#### EXERCISE
Nothing other than the lines from the one containing "Title: On Road to Villeneuve" through the last line of the data below should be output, each reproduced exactly.

Collected data entries:
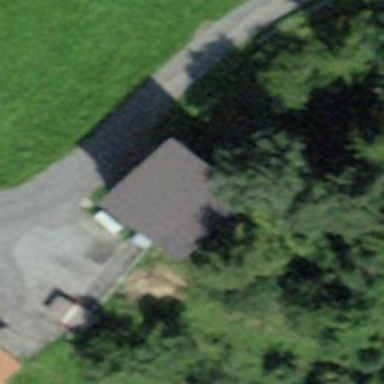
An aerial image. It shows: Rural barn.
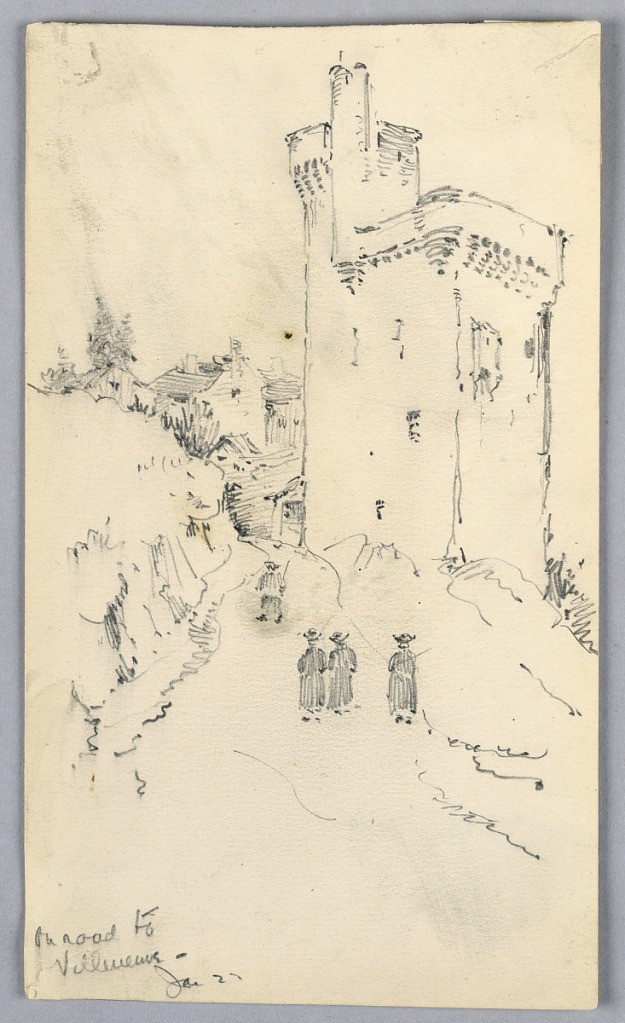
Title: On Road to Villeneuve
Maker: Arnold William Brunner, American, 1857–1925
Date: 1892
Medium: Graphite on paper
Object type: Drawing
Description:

#### TASK ANSWER
Title: On Road to Villeneuve
Maker: Arnold William Brunner, American, 1857–1925
Date: 1892
Medium: Graphite on paper
Object type: Drawing
Description:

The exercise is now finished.